Brest
Brest des écrivains

Collectif
Note : 3,5 /5.
À la fin de la terre…
Il y a dans ce livre et c’est normal beaucoup d’écrivains. Ce qui l’est moins c’est que les écrivains ici parlent d’autres auteurs, anciens ou contemporains, vivants ou décédés ! La liste est longue, très longue, alors je vais tenter de résumer sans vexer personne.
Après une préface d’Alain-Gabriel Monot, trois parties pour nous parler de Brest :
Voix de Brest, Chants de Brest et Brest : Souvenirs, impressions, témoignages. Viennent ensuite une table des auteurs et un index des écrivains.
Dans la première partie, un auteur contemporain parle d’un de ses collègues, décédé, ou encore en exercice. Kenneth White nous parle de Victor Segalen, Nicole Laurent-Catrice de Mac Orlan, Éric Auphan d’Henri Queffélec, Arnaud Le Gouëfflec de Jean Genet sous le très beau titre de « Querelle de Brest ».
Quelques plumes amies : Louis Bertholom nous raconte la triste virée de Jack Kerouac à Brest dans « Sur la déroute avec Jack Kerouac ». Faute de retrouver ses ancêtres, l’auteur américain a croisé Pierre Le Bris, libraire brestois et son épouse Blanche qu’a aussi rencontrés Louis Bertholom. Une nuit de dérive, une piste nocturne pleine de rencontres alcoolisées. Kerouac donne une version un peu romancée de ce voyage dans « Satori à Paris ».

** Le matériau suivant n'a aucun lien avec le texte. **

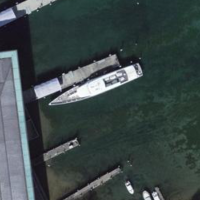
EUNIS habitat code: 14
Species observed at this site:
Corvus corone
Podiceps cristatus
Grus grus
Cyanistes caeruleus
Fulica atra
Falco subbuteo
Anas platyrhynchos
Aythya ferina
Aythya fuligula
Passer domesticus
Coloeus monedula
Turdus merula
Chroicocephalus ridibundus
Chlidonias niger
Phalacrocorax carbo
Tachymarptis melba
Larus michahellis
Cygnus olor
Milvus migrans
Milvus milvus
Larus argentatus
Sitta europaea
Anser anser
Columba livia
Pyrrhocorax graculus
Motacilla alba
Delichon urbicum
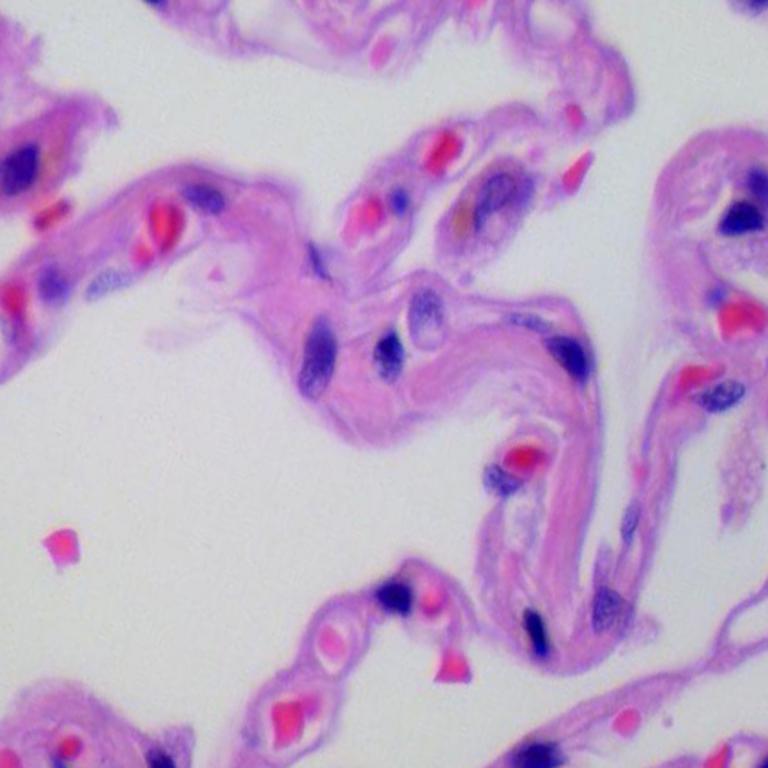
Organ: lung
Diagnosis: benign
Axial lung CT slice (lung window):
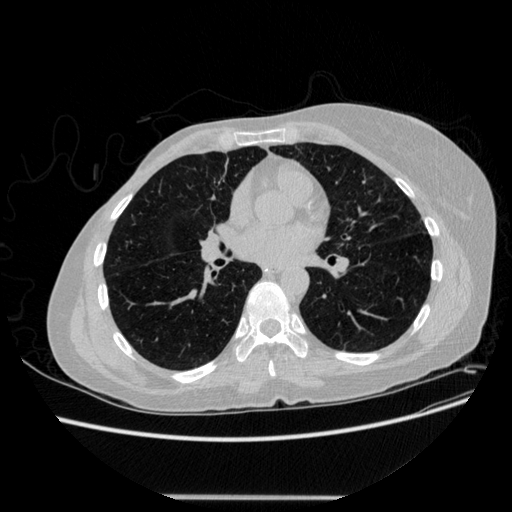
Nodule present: no
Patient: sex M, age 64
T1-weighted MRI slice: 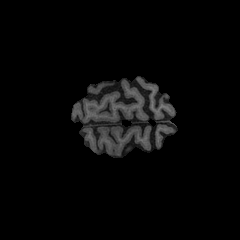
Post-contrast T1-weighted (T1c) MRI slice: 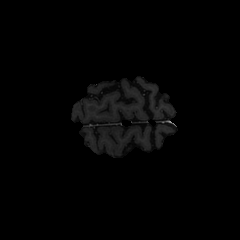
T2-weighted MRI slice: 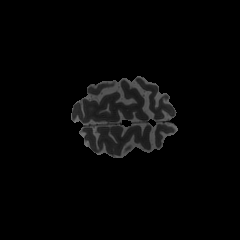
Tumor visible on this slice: no
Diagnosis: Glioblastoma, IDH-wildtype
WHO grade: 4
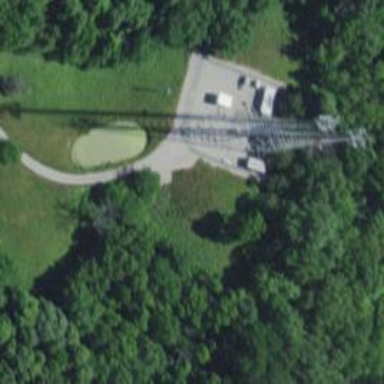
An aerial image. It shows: Communication mast tower.
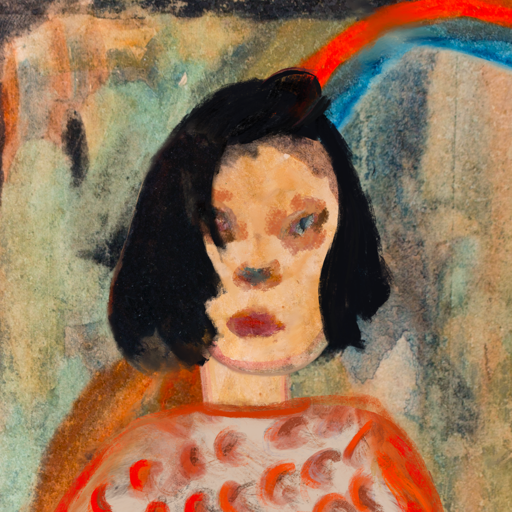
Background: Childish, Head And Neck Front: Childish, Face Front: Boggyland, Bust: Rupkatha, Hair Front: Mosgoul, Head Accessory: Blank, Second Necklace: Blank, Necklace: Blank, Baby: Blank
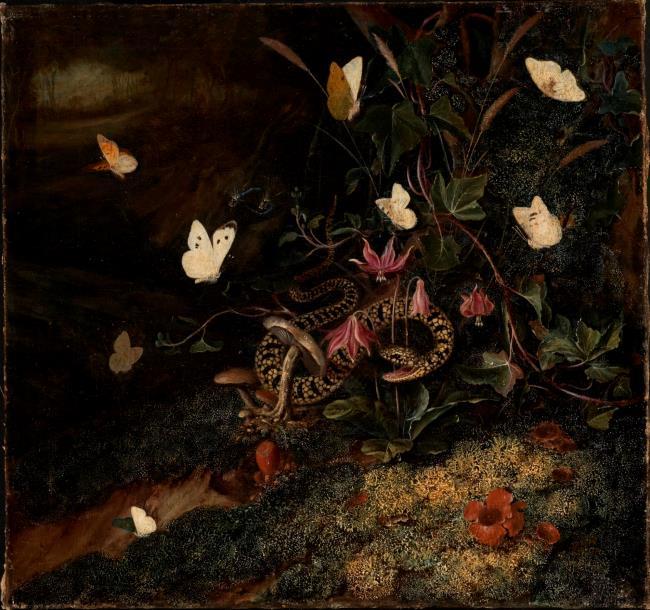
Title: Onkruid met slang en vlinders
Artist: Otto Marseus van Schrieck
Earliest date: 1660
Latest date: 1660
Genre: painting
Keywords: forest still life, cup lichen, mushroom, field mushroom, common ivy, gossamer-winged butterflies (guide term), cabbage butterfly, red admiral, damselfly, snakes (guide term), drop (liquid)
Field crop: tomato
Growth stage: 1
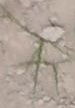
Species: cyperus
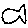
Label: fish
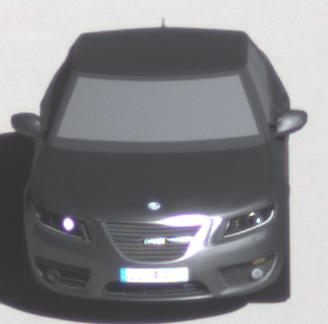
Make: Saab
Model: 5-Sep
Detailed model: 9-5 1.6T
Model produced from: 2010/06
Model produced until: 2011/12
Doors: 4
Color: gray
Road condition: dry road
Daytime: midday
Contrast: high contrast
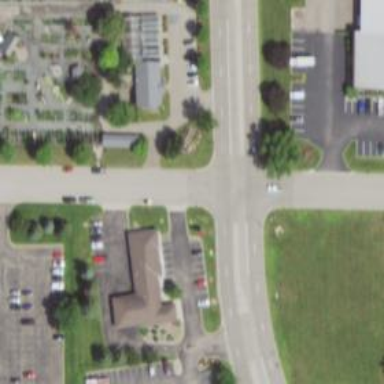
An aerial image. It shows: Tertiary road with asphalt surface.
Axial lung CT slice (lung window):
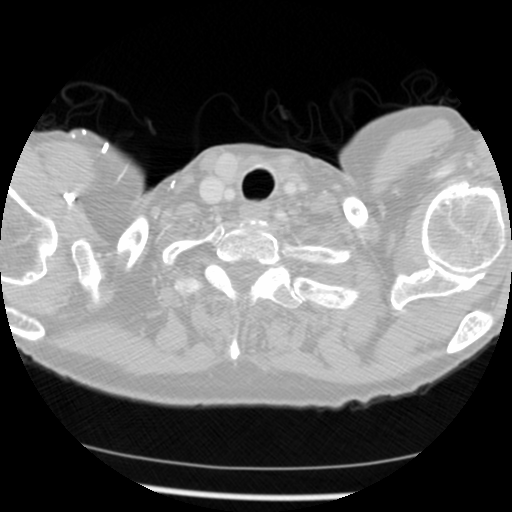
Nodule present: no
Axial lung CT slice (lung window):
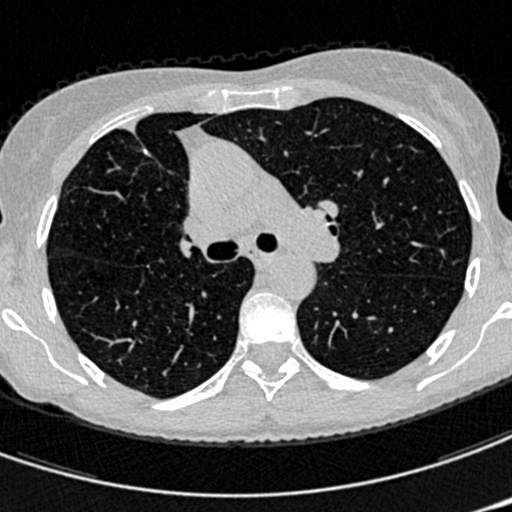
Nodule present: no
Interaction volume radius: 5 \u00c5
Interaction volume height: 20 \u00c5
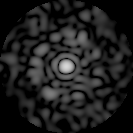
Disorder parameter: 0.8683
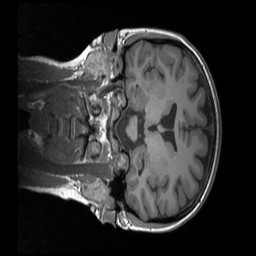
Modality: T1w
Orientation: coronal
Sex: female
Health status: ill
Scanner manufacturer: siemens
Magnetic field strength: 3 T
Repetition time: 1.66 s
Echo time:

Marie-Josée Christien nous parle de Claire Fourier dans un très beau texte : Brest en figure de proue d’un monde intérieur. Pour nous rappeler que Claire Fourier a écrit récemment le superbe « Les silences de la guerre » maintes fois primé.
Quelques lignes sur Hervé Bellec dont le recueil de nouvelles « Un bon dieu pour les ivrognes » se déroule, si ma mémoire est bonne, à Brest. Marie le Gall est aussi à l’honneur « Marie Le Gall, le Brest des failles et des chagrins ».
Gérard Alle s’énerve après Arnaud Le Gouëfflec.
Hervé Bellec, on le retrouve dans un vibrant hommage à Jean François Coatmeur. « Jean-François Coatmeur, Le regard noir d’un humaniste » . Il a beaucoup écrit de romans noirs sur la ville en particulier le superbe «  La sirène de minuit » qui décrit un Brest noir gouverné par l’extrême droite. Une œuvre à découvrir. 
Parmi les auteurs que je n’ai pas encore lus, il faut sérieusement que je me cultive en lisant enfin Philippe Le Guillou et Georges Perros, un personnage haut en couleurs.
Il n’y a pas à proprement parler de personnages au sens habituel du mot dans ce livre, mais des auteurs parlant de cette ville à nulle autre pareille. Beaucoup d’écrivains ont en effet jeté l’ancre dans la rade et l’encre a coulé à flots pour magnifier la ville du Ponant.
Pour terminer ce livre et ma chronique, un retour dans le passé pour retrouver des grands auteurs ayant célébré Brest, Chateaubriand, Corbière, Michelet, Flaubert, Loti et beaucoup d’autres !
Extraits :
- Avec eux les marins ! Tous, trempés, douloureux, crispés, hurlant, transmettant ordres et contre ordres, pris dans les rets des vents et des pluies.
- La seule chose qui permettait au jeune Segalen de s'espacer un peu à cette époque-là, c'était son vélo, acquis lors de ses treize ans.
- Sa mère lui fit découvrir la mer à cinq ans, à Étables, dans ce qui s'appelait encore les Côtes-du-Nord.
- Mieux encore, face aux brisants dont on se rapproche dangereusement, le bosco, laconique : « être bouffé par les homards, c'est tout de même plus flatteur que par les asticots ».
- « Écrire c'est  adresser une prière à Dieu » disait-il dans sa quête de pureté qui l'amena rapidement au bout de ses forces, rongé par l'alcool et la benzédrine.
- Jack Kerouac est devenu la figure de proue de toute une jeunesse en rébellion. Il en était ulcéré.
- Car Brest est un monde à soi seul, une ville de Bretagne, certes, mais cependant une cité à part, irréductible.
Éditions : Alexandrines. (2015).
Sur cette ville on peut également lire l'excellent « Brest l'ancre noire », recueil de nouvelles déjà ancien paru aux éditions Autrement.